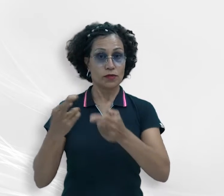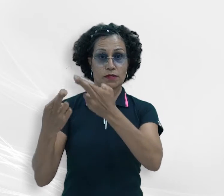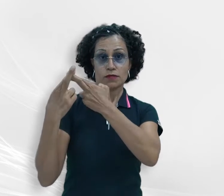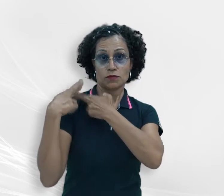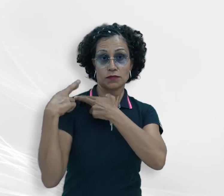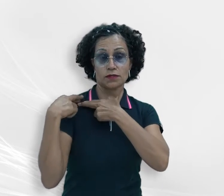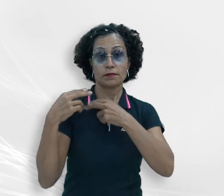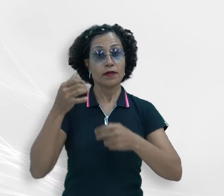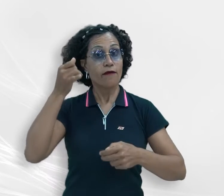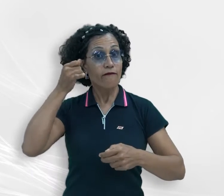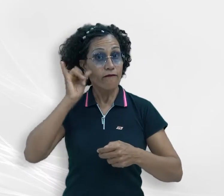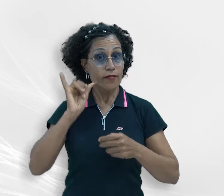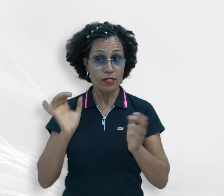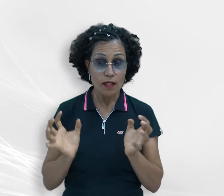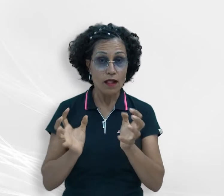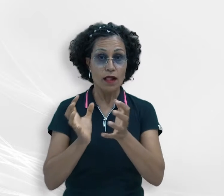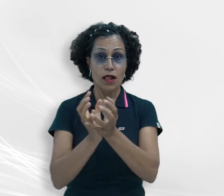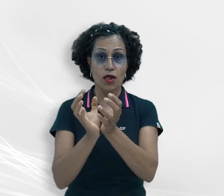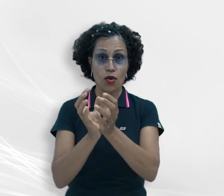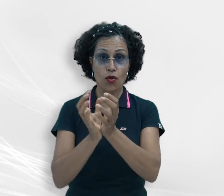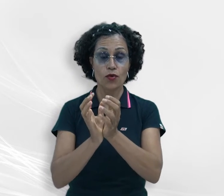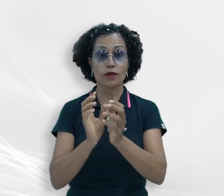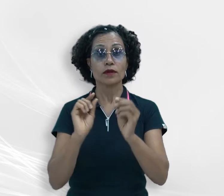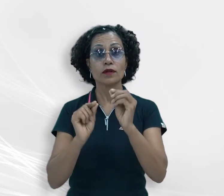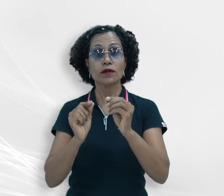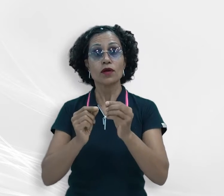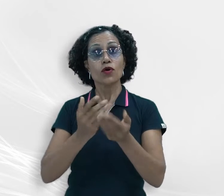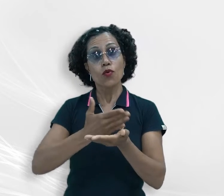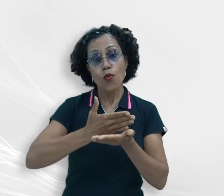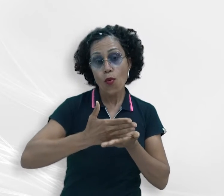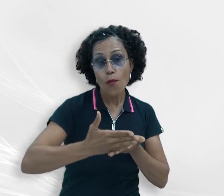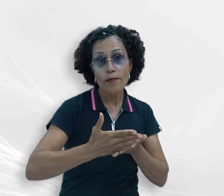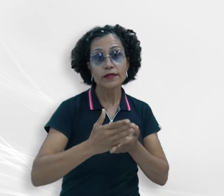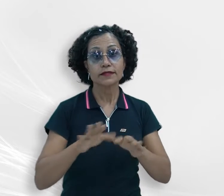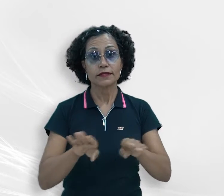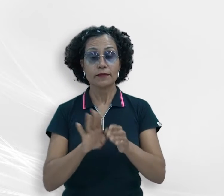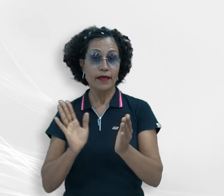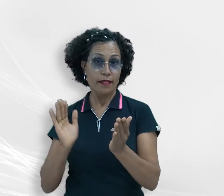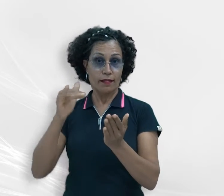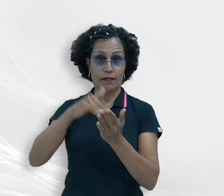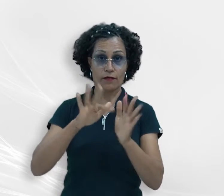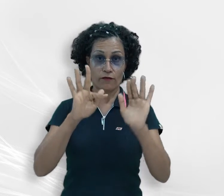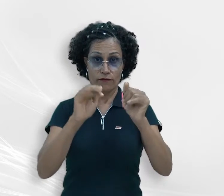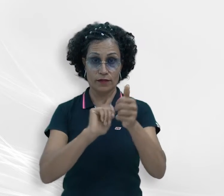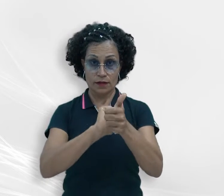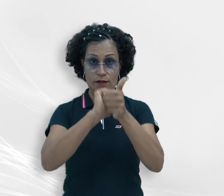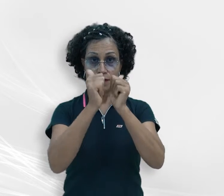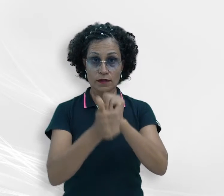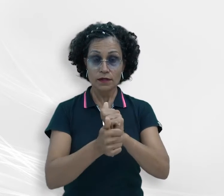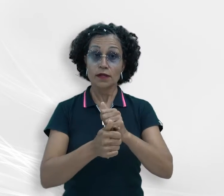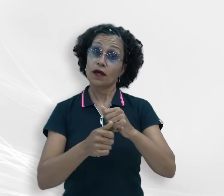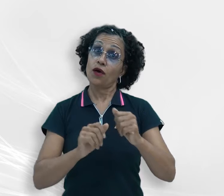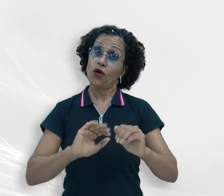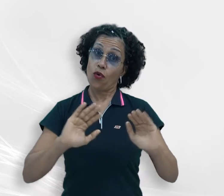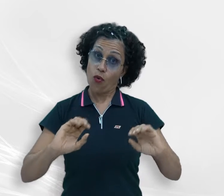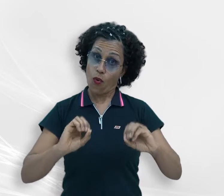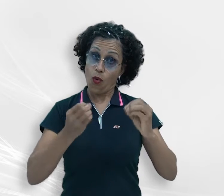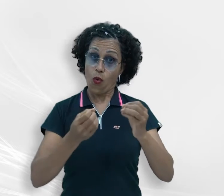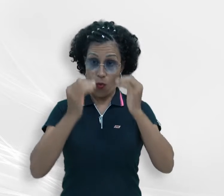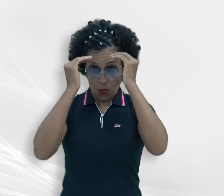deverão atentar-se para evitar aglomerações em momentos como o ponto de largada e a entrega dos prêmios, devendo interromper a programação
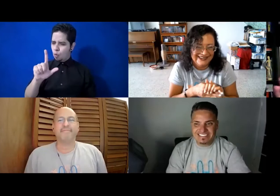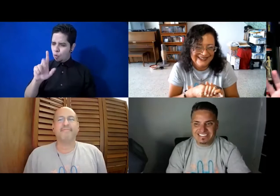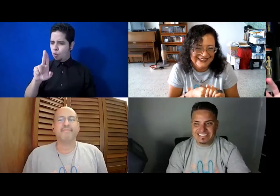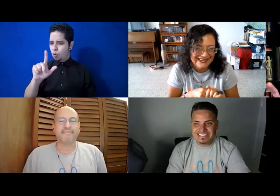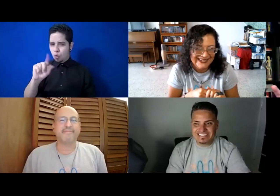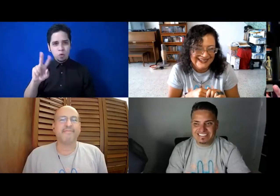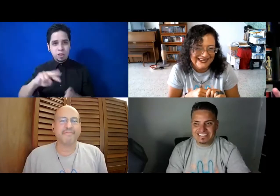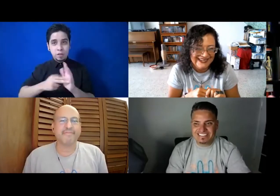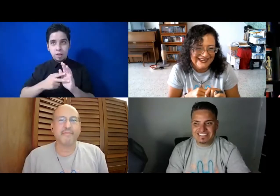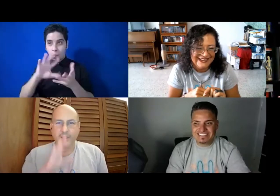un desdoble frente a público.
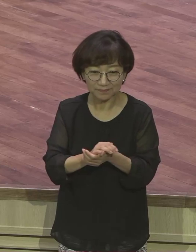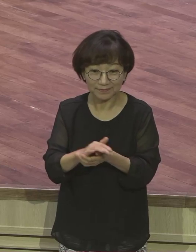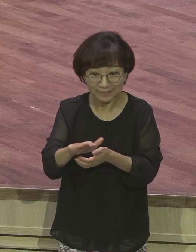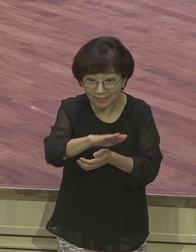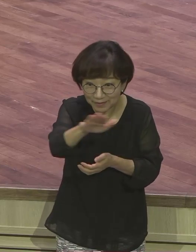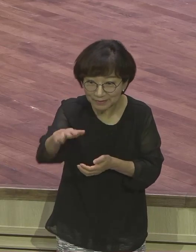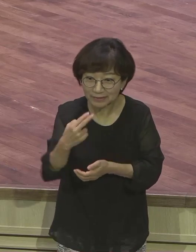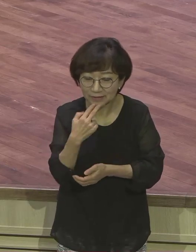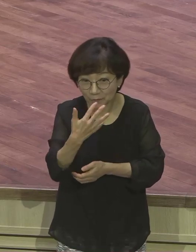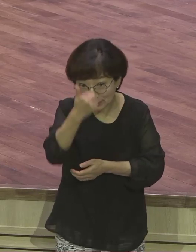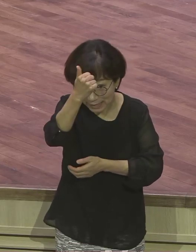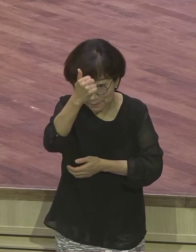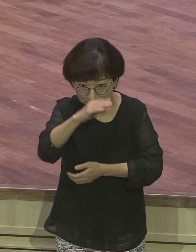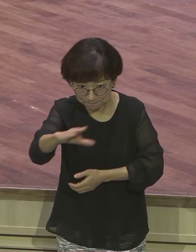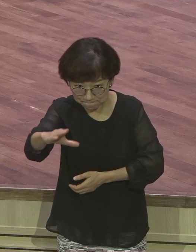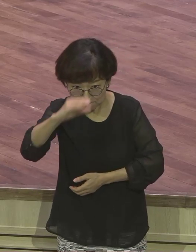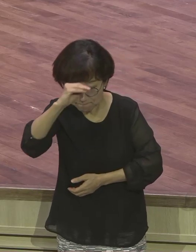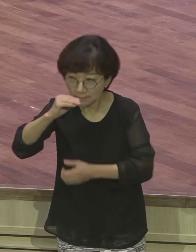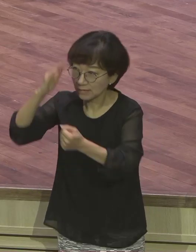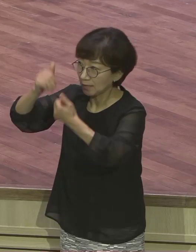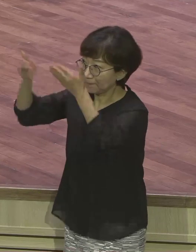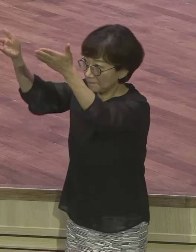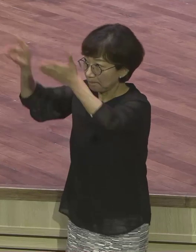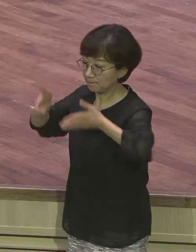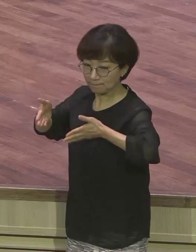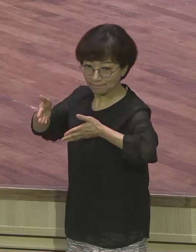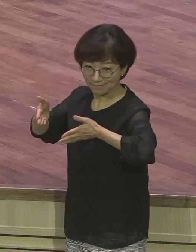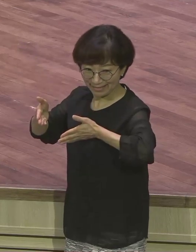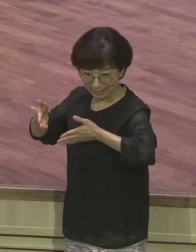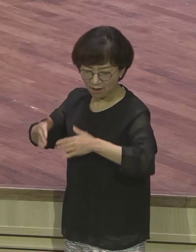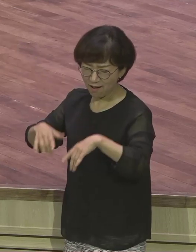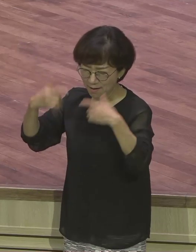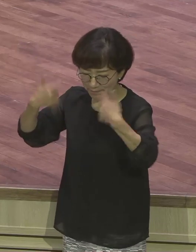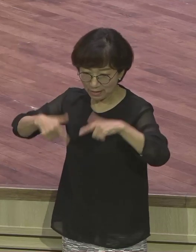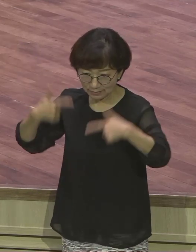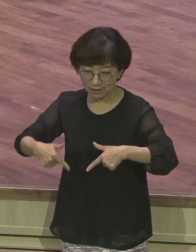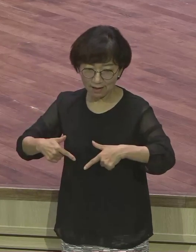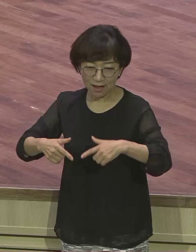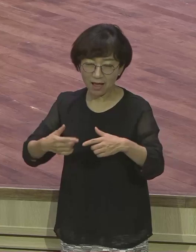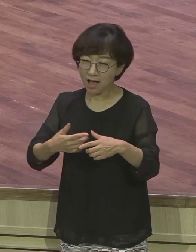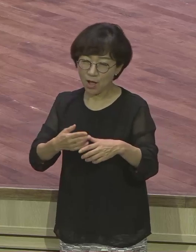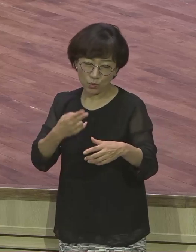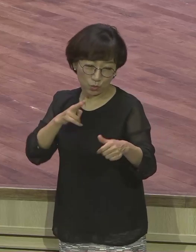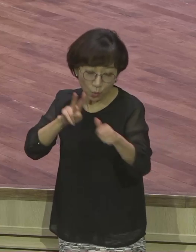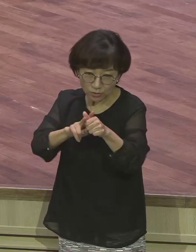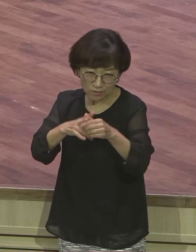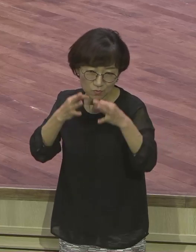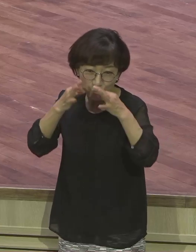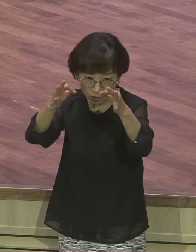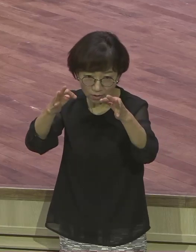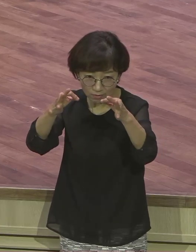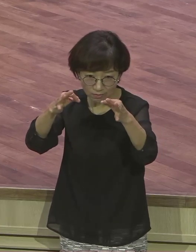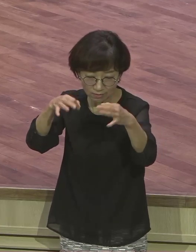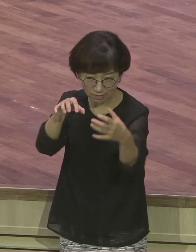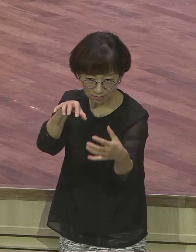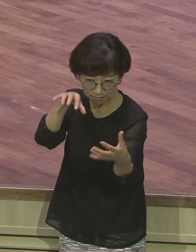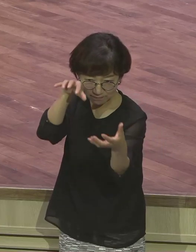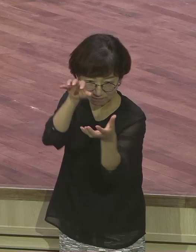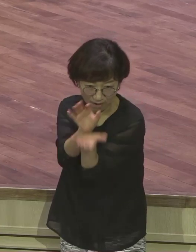삶을 통해서 날마다 믿음에 무한 도전하시기 바랍니다 도전하시기 바랍니다 도전 도전 성공한 사람의 특징은요

• What to produce: From the line containing "un desdoble frente a público." down to the end of the listing above, every line is to be returned exactly, though the pictures are not.

• Task answer:
un desdoble frente a público.
삶을 통해서 날마다 믿음에 무한 도전하시기 바랍니다 도전하시기 바랍니다 도전 도전 성공한 사람의 특징은요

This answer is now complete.